▸ **ACTIVITY**
Below are some records; find each line that carries the word "isolate" and copy it.

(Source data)

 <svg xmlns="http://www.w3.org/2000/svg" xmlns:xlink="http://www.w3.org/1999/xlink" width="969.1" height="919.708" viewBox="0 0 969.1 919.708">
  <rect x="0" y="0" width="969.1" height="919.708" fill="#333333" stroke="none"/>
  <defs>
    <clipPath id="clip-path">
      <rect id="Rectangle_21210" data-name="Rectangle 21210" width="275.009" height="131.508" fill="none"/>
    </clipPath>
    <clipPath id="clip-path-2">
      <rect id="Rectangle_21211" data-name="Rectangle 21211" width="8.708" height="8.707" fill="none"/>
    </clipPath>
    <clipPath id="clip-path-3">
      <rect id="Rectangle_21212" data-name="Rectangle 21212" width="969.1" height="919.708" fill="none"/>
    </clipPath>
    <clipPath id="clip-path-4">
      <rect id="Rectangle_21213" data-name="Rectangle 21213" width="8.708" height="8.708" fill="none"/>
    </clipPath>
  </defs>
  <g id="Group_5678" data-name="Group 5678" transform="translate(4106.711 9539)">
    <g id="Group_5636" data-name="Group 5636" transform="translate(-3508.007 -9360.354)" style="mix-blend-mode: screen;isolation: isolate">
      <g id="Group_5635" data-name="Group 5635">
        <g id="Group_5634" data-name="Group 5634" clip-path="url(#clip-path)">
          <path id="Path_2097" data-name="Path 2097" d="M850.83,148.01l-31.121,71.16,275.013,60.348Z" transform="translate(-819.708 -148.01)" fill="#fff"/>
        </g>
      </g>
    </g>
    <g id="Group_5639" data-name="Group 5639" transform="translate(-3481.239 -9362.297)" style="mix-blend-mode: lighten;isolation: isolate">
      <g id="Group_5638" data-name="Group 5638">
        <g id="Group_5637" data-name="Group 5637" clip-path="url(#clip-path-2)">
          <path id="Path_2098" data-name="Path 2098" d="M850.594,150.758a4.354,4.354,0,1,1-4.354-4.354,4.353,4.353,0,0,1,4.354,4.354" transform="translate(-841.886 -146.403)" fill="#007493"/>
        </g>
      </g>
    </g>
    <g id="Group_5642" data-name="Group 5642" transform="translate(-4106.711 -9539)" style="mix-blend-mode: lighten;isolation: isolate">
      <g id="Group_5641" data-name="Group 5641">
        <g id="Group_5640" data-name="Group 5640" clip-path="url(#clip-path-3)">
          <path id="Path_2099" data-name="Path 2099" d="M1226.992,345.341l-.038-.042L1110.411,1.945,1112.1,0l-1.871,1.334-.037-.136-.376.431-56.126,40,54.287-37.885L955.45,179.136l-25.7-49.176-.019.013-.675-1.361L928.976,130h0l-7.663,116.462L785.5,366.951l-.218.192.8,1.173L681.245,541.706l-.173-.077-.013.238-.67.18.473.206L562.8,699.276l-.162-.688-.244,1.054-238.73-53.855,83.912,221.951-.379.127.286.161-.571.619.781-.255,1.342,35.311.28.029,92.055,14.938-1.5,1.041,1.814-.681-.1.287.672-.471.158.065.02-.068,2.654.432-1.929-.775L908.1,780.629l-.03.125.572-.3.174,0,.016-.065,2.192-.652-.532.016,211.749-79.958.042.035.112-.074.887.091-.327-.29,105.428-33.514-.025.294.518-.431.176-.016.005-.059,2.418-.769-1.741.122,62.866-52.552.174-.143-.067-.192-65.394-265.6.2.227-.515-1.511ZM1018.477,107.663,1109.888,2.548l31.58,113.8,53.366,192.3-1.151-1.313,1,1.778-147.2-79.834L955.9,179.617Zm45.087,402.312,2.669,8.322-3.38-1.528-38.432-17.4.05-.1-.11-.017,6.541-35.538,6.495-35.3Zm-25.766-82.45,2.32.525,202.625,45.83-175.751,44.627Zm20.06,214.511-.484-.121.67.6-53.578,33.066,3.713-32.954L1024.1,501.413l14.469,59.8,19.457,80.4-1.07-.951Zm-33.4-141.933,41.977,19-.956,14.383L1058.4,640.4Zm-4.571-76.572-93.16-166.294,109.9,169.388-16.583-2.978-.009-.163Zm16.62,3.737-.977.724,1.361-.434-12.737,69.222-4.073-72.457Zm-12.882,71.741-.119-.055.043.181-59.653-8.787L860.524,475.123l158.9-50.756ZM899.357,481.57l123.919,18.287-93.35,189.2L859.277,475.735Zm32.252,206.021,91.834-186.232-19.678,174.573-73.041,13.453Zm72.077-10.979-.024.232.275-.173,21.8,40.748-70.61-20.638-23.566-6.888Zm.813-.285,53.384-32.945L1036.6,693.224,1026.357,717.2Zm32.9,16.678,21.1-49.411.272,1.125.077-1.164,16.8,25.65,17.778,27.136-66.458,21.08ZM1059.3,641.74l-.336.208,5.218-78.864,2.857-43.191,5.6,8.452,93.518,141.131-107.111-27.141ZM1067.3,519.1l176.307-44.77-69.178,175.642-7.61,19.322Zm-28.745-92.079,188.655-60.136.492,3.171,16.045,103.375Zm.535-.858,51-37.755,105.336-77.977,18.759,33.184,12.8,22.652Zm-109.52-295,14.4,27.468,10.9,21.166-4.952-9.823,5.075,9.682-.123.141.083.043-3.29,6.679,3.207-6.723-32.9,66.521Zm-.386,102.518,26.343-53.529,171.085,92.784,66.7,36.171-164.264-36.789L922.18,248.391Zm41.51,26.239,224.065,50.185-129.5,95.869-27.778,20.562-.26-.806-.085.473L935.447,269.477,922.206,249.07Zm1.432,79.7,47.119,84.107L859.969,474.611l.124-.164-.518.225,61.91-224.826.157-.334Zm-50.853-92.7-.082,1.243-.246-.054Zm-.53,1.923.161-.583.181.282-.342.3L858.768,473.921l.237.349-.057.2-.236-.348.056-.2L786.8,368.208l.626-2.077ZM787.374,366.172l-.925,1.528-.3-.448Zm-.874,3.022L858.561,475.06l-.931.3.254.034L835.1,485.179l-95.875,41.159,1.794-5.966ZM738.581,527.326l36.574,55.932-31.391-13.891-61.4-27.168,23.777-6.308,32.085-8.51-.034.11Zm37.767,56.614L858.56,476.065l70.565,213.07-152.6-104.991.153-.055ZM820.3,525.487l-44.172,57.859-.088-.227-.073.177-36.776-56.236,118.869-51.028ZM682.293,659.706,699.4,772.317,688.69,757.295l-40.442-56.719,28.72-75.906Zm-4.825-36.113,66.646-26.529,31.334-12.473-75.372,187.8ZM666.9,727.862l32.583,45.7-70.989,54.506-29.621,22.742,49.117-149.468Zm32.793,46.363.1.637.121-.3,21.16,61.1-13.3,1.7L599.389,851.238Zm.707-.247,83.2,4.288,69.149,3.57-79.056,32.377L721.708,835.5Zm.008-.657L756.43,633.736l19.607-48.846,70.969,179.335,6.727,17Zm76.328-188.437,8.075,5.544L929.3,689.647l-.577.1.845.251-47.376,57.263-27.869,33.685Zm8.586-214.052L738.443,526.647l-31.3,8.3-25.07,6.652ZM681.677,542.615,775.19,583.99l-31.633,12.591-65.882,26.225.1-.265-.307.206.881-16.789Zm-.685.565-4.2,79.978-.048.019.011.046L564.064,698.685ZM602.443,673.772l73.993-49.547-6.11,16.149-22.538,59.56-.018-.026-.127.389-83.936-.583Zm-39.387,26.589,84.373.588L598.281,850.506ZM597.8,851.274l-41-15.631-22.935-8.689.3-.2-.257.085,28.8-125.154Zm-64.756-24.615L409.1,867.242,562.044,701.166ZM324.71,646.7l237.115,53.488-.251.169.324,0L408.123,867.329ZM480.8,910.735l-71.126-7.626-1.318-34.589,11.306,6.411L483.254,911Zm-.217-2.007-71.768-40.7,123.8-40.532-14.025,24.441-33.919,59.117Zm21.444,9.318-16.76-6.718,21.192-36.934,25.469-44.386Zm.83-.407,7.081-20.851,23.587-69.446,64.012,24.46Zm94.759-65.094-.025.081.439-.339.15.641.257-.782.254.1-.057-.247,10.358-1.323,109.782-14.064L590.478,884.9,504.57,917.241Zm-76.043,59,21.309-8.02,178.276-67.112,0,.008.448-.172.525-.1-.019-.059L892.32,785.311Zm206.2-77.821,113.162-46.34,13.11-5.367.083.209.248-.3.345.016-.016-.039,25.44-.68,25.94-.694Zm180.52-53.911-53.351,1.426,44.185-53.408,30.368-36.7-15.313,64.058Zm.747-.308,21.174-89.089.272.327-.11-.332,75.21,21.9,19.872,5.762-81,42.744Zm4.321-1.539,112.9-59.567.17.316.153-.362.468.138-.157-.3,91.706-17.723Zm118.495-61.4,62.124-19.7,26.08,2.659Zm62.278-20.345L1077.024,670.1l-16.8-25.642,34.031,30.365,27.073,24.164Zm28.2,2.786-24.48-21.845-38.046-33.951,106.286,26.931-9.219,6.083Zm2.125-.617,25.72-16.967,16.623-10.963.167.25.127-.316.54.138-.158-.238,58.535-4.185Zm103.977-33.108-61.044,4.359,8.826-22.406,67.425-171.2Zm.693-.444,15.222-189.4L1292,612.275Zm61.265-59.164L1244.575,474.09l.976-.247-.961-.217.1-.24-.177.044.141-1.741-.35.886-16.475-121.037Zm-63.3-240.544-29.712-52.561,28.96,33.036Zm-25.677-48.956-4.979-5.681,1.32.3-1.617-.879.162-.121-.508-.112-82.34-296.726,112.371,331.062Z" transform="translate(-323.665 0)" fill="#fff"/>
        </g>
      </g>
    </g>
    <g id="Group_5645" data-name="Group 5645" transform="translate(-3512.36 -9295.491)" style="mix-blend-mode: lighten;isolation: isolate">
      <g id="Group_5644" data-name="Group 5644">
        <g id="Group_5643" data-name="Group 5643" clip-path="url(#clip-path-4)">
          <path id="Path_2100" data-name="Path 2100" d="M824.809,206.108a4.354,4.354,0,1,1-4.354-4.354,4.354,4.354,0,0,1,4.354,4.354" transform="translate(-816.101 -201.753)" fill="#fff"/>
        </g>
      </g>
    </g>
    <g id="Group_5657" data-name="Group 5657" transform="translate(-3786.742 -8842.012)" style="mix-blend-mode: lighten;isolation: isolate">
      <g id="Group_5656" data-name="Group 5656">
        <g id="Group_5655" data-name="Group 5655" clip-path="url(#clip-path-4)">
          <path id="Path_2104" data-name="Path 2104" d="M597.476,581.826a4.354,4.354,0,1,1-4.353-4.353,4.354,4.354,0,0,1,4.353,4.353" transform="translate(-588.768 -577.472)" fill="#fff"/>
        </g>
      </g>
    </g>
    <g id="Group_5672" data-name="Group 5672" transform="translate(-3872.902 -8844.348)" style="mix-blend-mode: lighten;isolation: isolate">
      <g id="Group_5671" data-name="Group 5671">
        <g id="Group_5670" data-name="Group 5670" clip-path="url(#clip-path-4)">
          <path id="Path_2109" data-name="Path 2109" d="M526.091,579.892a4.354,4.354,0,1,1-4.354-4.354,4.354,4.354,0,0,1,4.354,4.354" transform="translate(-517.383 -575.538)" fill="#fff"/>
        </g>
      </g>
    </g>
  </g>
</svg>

▸ **RESPONSE BELOW**
    <g id="Group_5636" data-name="Group 5636" transform="translate(-3508.007 -9360.354)" style="mix-blend-mode: screen;isolation: isolate">
    <g id="Group_5639" data-name="Group 5639" transform="translate(-3481.239 -9362.297)" style="mix-blend-mode: lighten;isolation: isolate">
    <g id="Group_5642" data-name="Group 5642" transform="translate(-4106.711 -9539)" style="mix-blend-mode: lighten;isolation: isolate">
    <g id="Group_5645" data-name="Group 5645" transform="translate(-3512.36 -9295.491)" style="mix-blend-mode: lighten;isolation: isolate">
    <g id="Group_5657" data-name="Group 5657" transform="translate(-3786.742 -8842.012)" style="mix-blend-mode: lighten;isolation: isolate">
    <g id="Group_5672" data-name="Group 5672" transform="translate(-3872.902 -8844.348)" style="mix-blend-mode: lighten;isolation: isolate">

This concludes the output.